Open tinatorabi opened 3 days ago
I also noticed this:
using QRupdate
using LinearAlgebra
using TimerOutputs
using InvertedIndices
m, n = 10000, 100
A = randn(m, n)
R = qr(A).R
Rin = deepcopy(R)
Ain = deepcopy(A)
for i in 30:50
println("======", i)
@timeit "dynamic" global A = A[:, Not(i)]
@timeit "dynamic" global R = qrdelcol(R, i)
@timeit "in-place" qrdelcol!(Ain, Rin, i)
end
print_timer()
julia> norm(Ain[:,1:79] - A)
0.0
julia> norm(Rin[1:79,1:79] - R)
720.1343678995846
Time Allocations
─────────────────────────────────────────────── Tot / % measured: 426s / 0.3% 1.20GiB / 63.9%
Section ncalls time %tot avg alloc %tot avg ───────────────────────────────────────────────────────── dynamic 237 962ms 87.3% 4.06ms 783MiB 99.6% 3.30MiB in-place 118 141ms 12.7% 1.19ms 3.24MiB 0.4% 28.1KiB ─────────────────────────────────────────────────────────
There is something inherently wrong with how R is being saved!

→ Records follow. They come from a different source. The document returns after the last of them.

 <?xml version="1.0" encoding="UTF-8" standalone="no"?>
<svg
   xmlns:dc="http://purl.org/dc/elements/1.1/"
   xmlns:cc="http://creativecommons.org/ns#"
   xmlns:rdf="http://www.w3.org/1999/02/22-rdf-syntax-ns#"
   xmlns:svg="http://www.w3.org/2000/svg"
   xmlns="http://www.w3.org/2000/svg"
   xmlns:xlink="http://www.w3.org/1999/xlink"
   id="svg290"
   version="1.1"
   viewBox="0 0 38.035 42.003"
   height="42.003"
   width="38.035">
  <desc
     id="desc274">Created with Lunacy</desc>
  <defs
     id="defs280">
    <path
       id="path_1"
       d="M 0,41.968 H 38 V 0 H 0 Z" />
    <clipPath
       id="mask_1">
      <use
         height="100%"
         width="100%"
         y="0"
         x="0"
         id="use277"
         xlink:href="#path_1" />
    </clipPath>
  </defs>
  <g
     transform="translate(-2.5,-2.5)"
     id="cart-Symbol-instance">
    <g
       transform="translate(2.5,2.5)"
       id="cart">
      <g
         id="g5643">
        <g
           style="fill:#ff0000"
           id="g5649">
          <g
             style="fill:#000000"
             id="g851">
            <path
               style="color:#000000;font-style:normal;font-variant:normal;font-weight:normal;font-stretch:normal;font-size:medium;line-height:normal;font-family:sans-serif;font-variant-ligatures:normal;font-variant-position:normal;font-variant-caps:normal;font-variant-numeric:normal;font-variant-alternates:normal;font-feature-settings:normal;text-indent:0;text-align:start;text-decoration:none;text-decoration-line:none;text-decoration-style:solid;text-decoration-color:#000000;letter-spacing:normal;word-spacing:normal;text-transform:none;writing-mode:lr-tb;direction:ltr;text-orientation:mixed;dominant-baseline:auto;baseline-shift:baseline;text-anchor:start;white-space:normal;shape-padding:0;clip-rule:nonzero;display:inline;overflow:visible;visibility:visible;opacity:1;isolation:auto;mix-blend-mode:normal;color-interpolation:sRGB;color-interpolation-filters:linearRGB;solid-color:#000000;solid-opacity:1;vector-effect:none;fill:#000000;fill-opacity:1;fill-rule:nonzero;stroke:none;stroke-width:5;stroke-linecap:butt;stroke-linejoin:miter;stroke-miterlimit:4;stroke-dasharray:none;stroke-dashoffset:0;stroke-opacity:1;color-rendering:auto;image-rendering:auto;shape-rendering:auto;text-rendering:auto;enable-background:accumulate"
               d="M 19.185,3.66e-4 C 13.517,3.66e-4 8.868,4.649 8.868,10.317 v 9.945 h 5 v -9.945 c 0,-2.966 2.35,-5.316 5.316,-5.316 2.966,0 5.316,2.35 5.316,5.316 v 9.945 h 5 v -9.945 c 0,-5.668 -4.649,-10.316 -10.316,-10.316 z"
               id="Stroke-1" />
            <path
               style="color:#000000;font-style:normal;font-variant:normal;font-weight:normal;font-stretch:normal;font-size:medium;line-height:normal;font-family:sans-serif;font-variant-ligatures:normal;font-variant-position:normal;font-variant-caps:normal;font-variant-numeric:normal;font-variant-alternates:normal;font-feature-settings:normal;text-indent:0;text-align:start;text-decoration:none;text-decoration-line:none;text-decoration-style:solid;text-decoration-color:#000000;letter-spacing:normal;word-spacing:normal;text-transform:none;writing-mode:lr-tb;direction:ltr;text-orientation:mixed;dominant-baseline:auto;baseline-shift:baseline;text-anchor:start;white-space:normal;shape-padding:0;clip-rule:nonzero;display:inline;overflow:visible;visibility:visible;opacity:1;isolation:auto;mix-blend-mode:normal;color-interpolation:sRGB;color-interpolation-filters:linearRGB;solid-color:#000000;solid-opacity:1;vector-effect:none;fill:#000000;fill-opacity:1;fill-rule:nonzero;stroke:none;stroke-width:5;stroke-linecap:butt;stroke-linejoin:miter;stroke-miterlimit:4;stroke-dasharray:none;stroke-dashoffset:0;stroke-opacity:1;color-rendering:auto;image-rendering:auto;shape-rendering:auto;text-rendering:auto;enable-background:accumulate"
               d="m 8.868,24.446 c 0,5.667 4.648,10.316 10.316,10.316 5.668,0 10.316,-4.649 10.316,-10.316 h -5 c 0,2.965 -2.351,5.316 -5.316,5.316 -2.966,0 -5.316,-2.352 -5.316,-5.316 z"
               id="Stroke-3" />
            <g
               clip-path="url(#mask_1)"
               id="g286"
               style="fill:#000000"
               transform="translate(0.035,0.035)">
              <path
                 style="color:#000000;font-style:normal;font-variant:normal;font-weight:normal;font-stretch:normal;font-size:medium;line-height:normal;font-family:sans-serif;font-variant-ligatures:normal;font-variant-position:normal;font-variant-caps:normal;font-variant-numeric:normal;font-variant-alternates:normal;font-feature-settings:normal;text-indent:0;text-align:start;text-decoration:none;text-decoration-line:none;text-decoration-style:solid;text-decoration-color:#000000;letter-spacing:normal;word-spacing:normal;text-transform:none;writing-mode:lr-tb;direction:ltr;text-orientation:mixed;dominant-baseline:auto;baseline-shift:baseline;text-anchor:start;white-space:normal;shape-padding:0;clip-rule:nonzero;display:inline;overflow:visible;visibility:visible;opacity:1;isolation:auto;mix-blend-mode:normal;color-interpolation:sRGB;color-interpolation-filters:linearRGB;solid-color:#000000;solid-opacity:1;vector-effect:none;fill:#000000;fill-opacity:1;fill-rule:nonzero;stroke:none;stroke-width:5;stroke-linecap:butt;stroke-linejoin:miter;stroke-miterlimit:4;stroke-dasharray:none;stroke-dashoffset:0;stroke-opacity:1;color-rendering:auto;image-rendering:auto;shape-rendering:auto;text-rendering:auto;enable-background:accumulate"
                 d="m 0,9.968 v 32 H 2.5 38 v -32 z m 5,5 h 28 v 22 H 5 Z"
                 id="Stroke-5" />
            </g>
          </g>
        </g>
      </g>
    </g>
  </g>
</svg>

Hi Tina, thank you very much for looking into this.
I modified the qrdelcol!
tests locally to involve the way in which you measure the difference, but it still passes the tests:
@testset "qrdelcol!" begin
m = 100
A = randn(m,m)
Ain = copy(A)
Q, R = qr(A)
Qin, Rin = qr(A)
actual_size = m
for i in 100:-1:1
k = rand(1:i)
A = A[:,1:i .!= k]
R = qrdelcol(R, k)
qrdelcol!(Ain, Rin, k)
actual_size -= 1
@test norm(R - Rin[1:actual_size,1:actual_size]) < 1e-10
@test norm(A - Ain[:,1:actual_size]) < 1e-10
end
end
I am running the first code you sent. The critical row size seems to be 1441 (on my PC). From there on, I get errors on the column copy method as you mention. This seems not to be a problem on the column size also.
I found a problem on the matrix dimensions in the delcol! function, which I fixed in an upcoming commit (thanks again for checking). If you want to get it working quickly now just to use the code, this is my current coldel! function:
function qrdelcol!(A::AbstractMatrix{T}, R::AbstractMatrix{T}, k::Integer) where {T}
# Note that R is n x n
m, n = size(A)
mR,nR = size(R)
# Shift columns. This is apparently faster than copying views.
@inbounds for j in (k+1):n
R[:,j-1] .= @view R[:, j]
A[:,j-1] .= @view A[:, j]
end
A[:,n] .= zero(T)
R[:,n] .= zero(T)
This plus some minor modifications (not related to functionality) are what is coming up. I also noted that the function seems to be slower than the common del. I computed average times and mem usage with @btime, which seems to be more accurate, with the following simple script:
using QRupdate
using LinearAlgebra
using BenchmarkTools
for mm in [1000,2000,4000,10000, 20000,50000,100000]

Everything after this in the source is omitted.